Now, hunker down

Uncertainty will remain even after the Fed meeting. India must preserve stability, not turn to adventurism.

Written by Jahangir Aziz | Published:September 17, 2015 2:49 am
United states, United States Federal Reserve, US economy, US interest rates, US labour productivity, India, China, India policymakers, To achieve this capacity growth rate, US labour productivity has to surge in the coming years from the subdued levels of the last four years.

By the early hours of Friday morning, we will come to know whether the United States Federal Reserve has lifted off from its near-zero interest rates of the last several years, or not. If it does, then this will be the start of one of the most important regime shifts in global financial conditions in a long time. It would be a mistake to underestimate its impact on emerging market (EM) economies, including India.

By itself, the act of raising the policy interest rate from the current near-zero level is unlikely to be problematic, even though a vast swathe of the global market expects the Fed to delay the hike.

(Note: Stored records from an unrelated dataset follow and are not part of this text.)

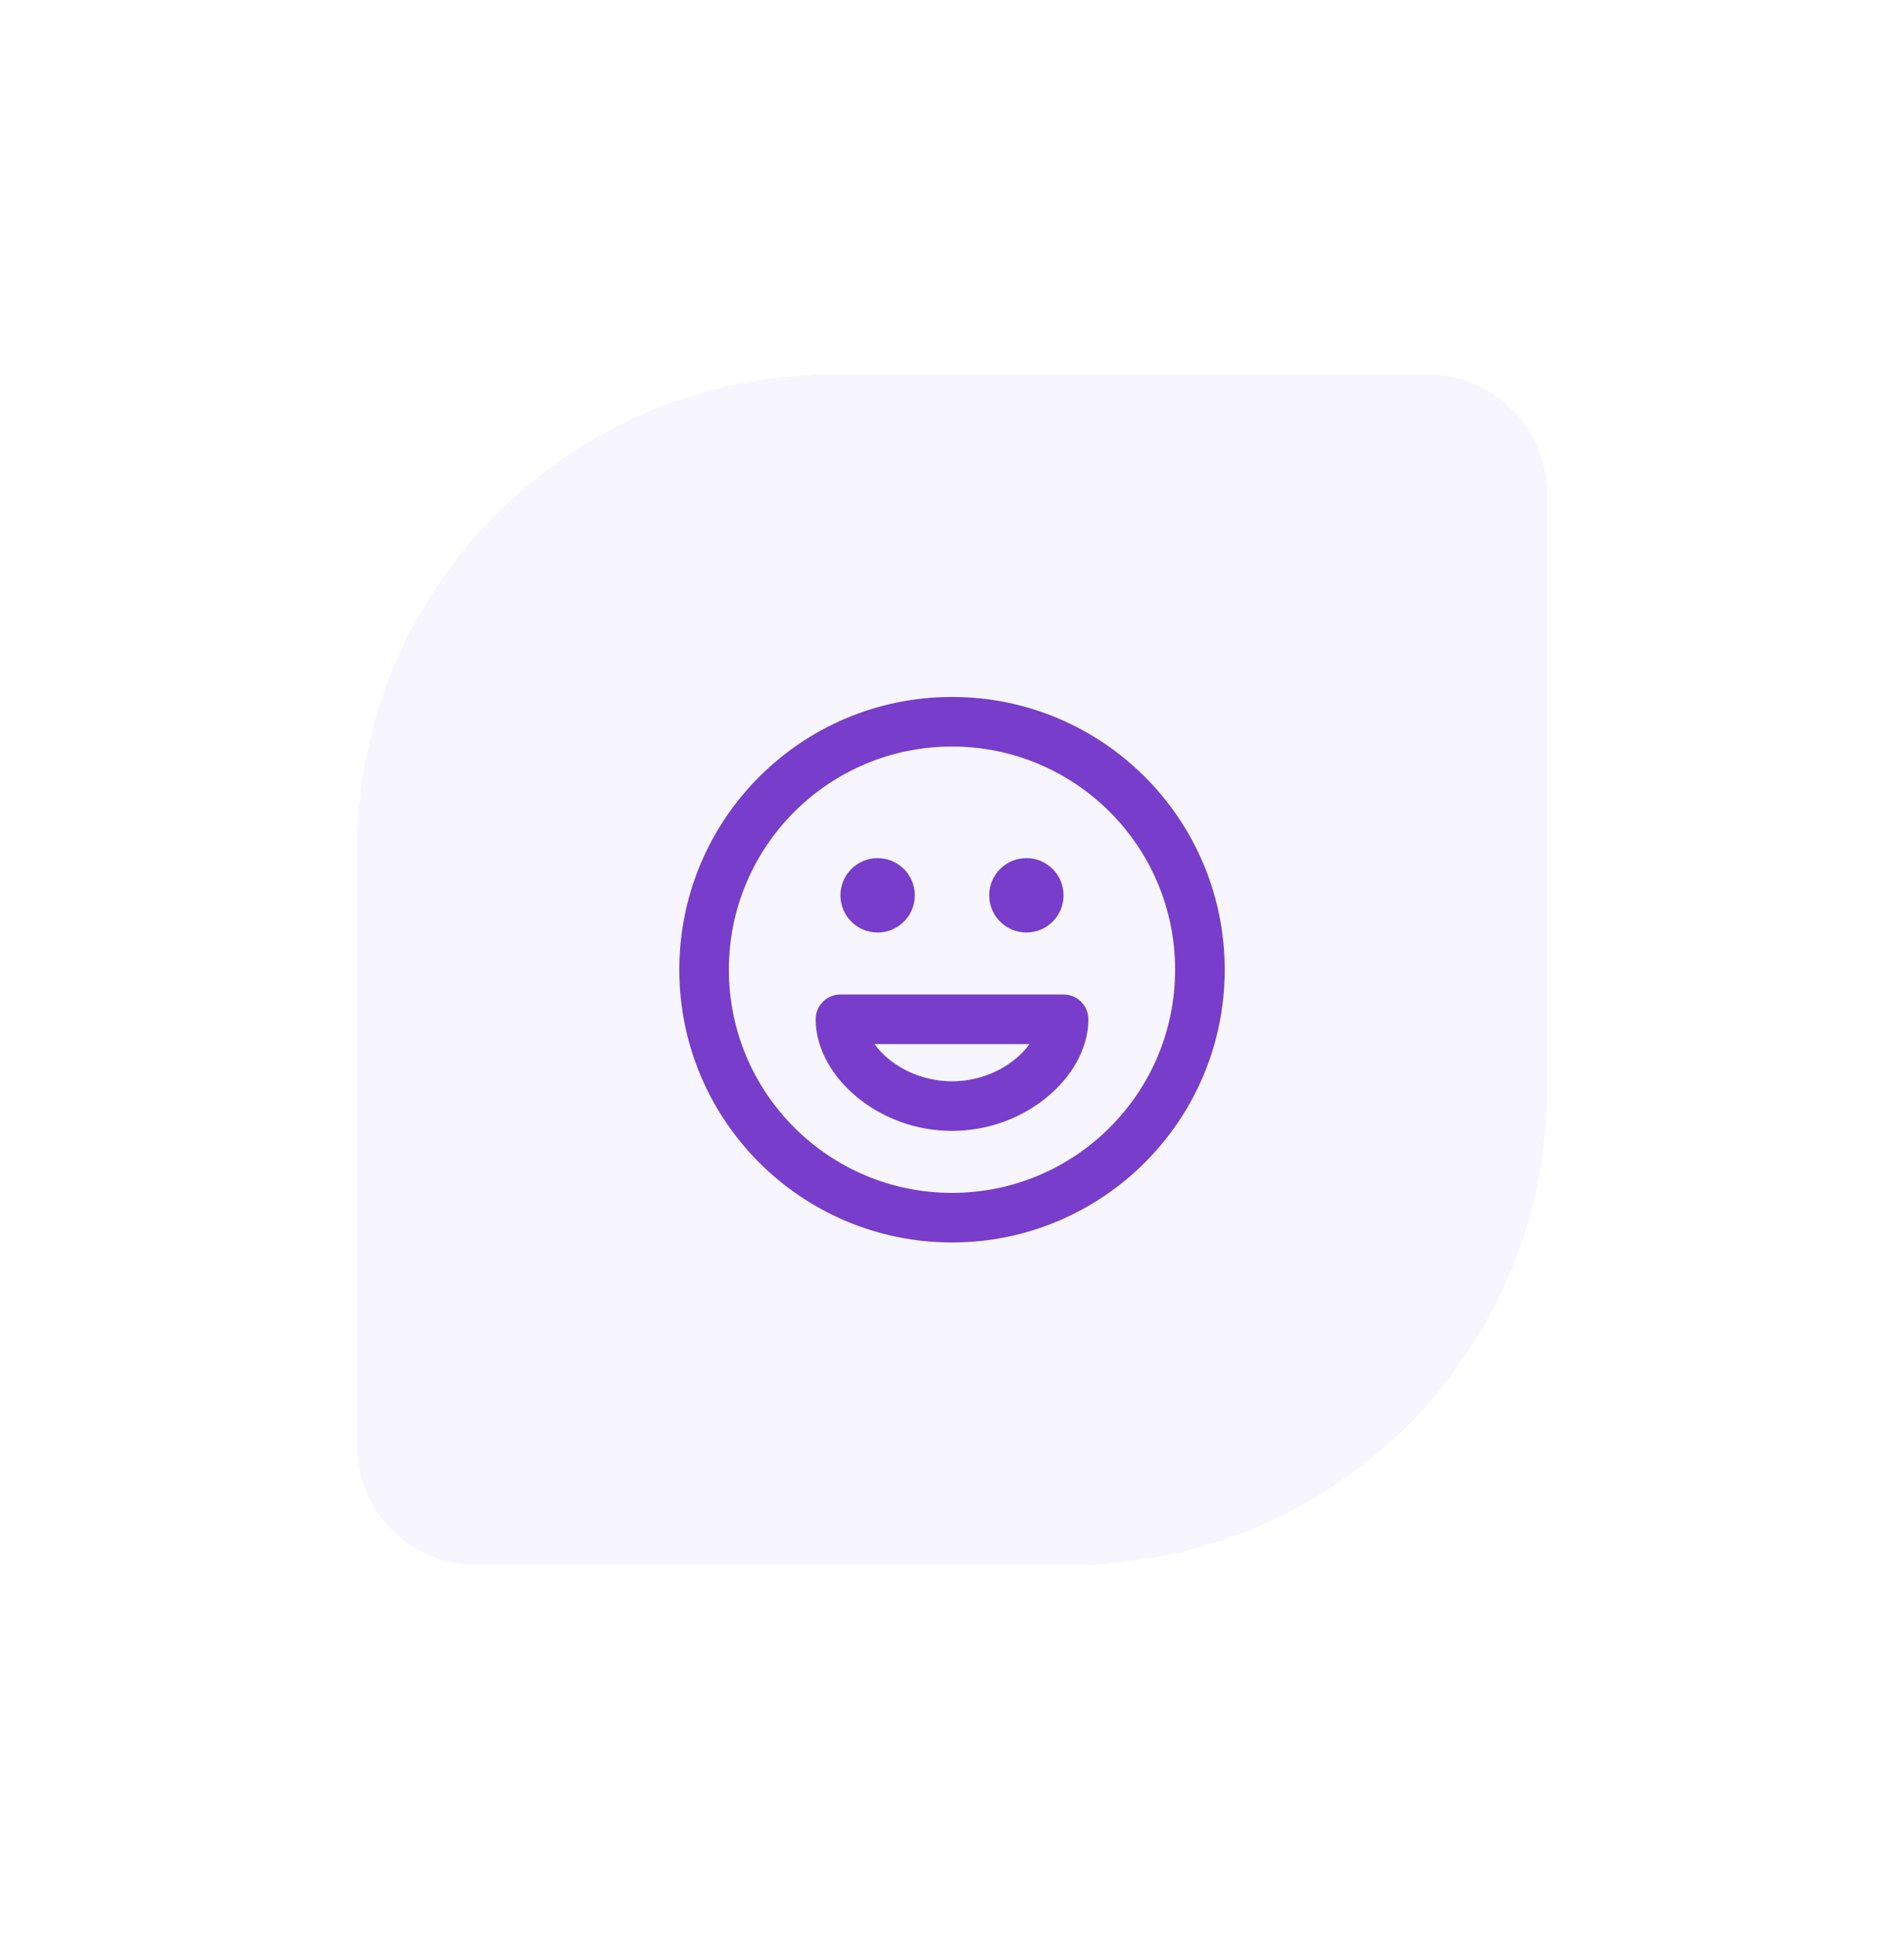 <svg width="64" height="65" viewBox="0 0 64 65" fill="none" xmlns="http://www.w3.org/2000/svg">
<g filter="url(#filter0_d_559_44671)">
<path d="M10 24.59C10 15.753 17.163 8.59 26 8.59H46C48.209 8.59 50 10.381 50 12.59V32.59C50 41.426 42.837 48.59 34 48.59H14C11.791 48.59 10 46.799 10 44.59V24.59Z" fill="#E4DFFB" fill-opacity="0.3" shape-rendering="crispEdges"></path>
<path fill-rule="evenodd" clip-rule="evenodd" d="M30 21.09C25.858 21.09 22.5 24.448 22.5 28.59C22.5 32.732 25.858 36.09 30 36.09C34.142 36.09 37.5 32.732 37.5 28.59C37.5 24.448 34.142 21.09 30 21.09ZM20.834 28.59C20.834 23.527 24.938 19.423 30 19.423C35.063 19.423 39.167 23.527 39.167 28.59C39.167 33.653 35.063 37.757 30 37.757C24.938 37.757 20.834 33.653 20.834 28.59ZM26.25 26.09C26.25 25.399 26.81 24.84 27.5 24.84C28.191 24.84 28.75 25.399 28.75 26.09C28.75 26.78 28.191 27.34 27.5 27.34C26.81 27.34 26.25 26.78 26.25 26.09ZM31.25 26.09C31.25 25.399 31.81 24.84 32.5 24.84C33.191 24.84 33.75 25.399 33.75 26.09C33.75 26.78 33.191 27.34 32.5 27.34C31.81 27.34 31.25 26.78 31.25 26.09ZM25.417 30.256C25.417 29.796 25.79 29.423 26.25 29.423H33.75C34.21 29.423 34.584 29.796 34.584 30.256C34.584 31.277 33.987 32.222 33.185 32.88C32.367 33.552 31.244 34.007 30 34.007C28.756 34.007 27.634 33.552 26.815 32.88C26.013 32.222 25.417 31.277 25.417 30.256ZM27.396 31.09C27.517 31.259 27.674 31.429 27.872 31.592C28.408 32.031 29.161 32.34 30 32.34C30.84 32.34 31.592 32.031 32.128 31.592C32.326 31.429 32.484 31.259 32.604 31.09H27.396Z" fill="#783DCA"></path>
<path d="M26 6.59C16.059 6.59 8 14.649 8 24.59V44.59C8 47.904 10.686 50.59 14 50.59H34C43.941 50.59 52 42.531 52 32.59V12.59C52 9.276 49.314 6.59 46 6.59H26Z" stroke="white" stroke-opacity="0.3" stroke-width="4" shape-rendering="crispEdges"></path>
</g>
<defs>
<filter id="filter0_d_559_44671" x="0" y="0.59" width="64" height="64" filterUnits="userSpaceOnUse" color-interpolation-filters="sRGB">
<feFlood flood-opacity="0" result="BackgroundImageFix"></feFlood>
<feColorMatrix in="SourceAlpha" type="matrix" values="0 0 0 0 0 0 0 0 0 0 0 0 0 0 0 0 0 0 127 0" result="hardAlpha"></feColorMatrix>
<feOffset dx="2" dy="4"></feOffset>
<feGaussianBlur stdDeviation="4"></feGaussianBlur>
<feComposite in2="hardAlpha" operator="out"></feComposite>
<feColorMatrix type="matrix" values="0 0 0 0 0.7 0 0 0 0 0.709 0 0 0 0 0.858 0 0 0 0.5 0"></feColorMatrix>
<feBlend mode="normal" in2="BackgroundImageFix" result="effect1_dropShadow_559_44671"></feBlend>
<feBlend mode="normal" in="SourceGraphic" in2="effect1_dropShadow_559_44671" result="shape"></feBlend>
</filter>
</defs>
</svg>

Indeed, one could well see the market heave a collective sigh of relief as a major global uncertainty is resolved, and because the rate hike is likely to be accompanied by an assurance from the Fed that the normalisation would be a deliberately slow process. By starting now, the commitment of the Fed to move gradually would become that much more credible. But beyond that, it does not really matter much if the timing of the initial rate hike is shifted around by a few months.

Far more important is whether the Fed will have the luxury of delivering on its promised gradual normalisation. Central to such a commitment is the Fed’s belief that the potential (capacity) growth rate of the US economy is 2.2 per cent. To achieve this capacity growth rate, US labour productivity has to surge in the coming years from the subdued levels of the last four years. If productivity rises only modestly, as looks likely in the absence of major technological breakthroughs or structural reform, then potential growth could fall well short of the 2.2 per cent mark. In this case, even with moderate GDP growth, the excess capacity could disappear much more quickly than expected, pushing up costs, particularly wages. With the economy reaching the inflection point in wages earlier than expected, the Fed could be forced to tighten more aggressively, resulting in a sharp realignment in US interest rates. Admittedly, this is not an immediate risk, but a couple of sharp spikes in wages and the market will bring forward the realignment. That would be a major jolt to global financial conditions, hurting all EM economies, including India, perhaps quite severely.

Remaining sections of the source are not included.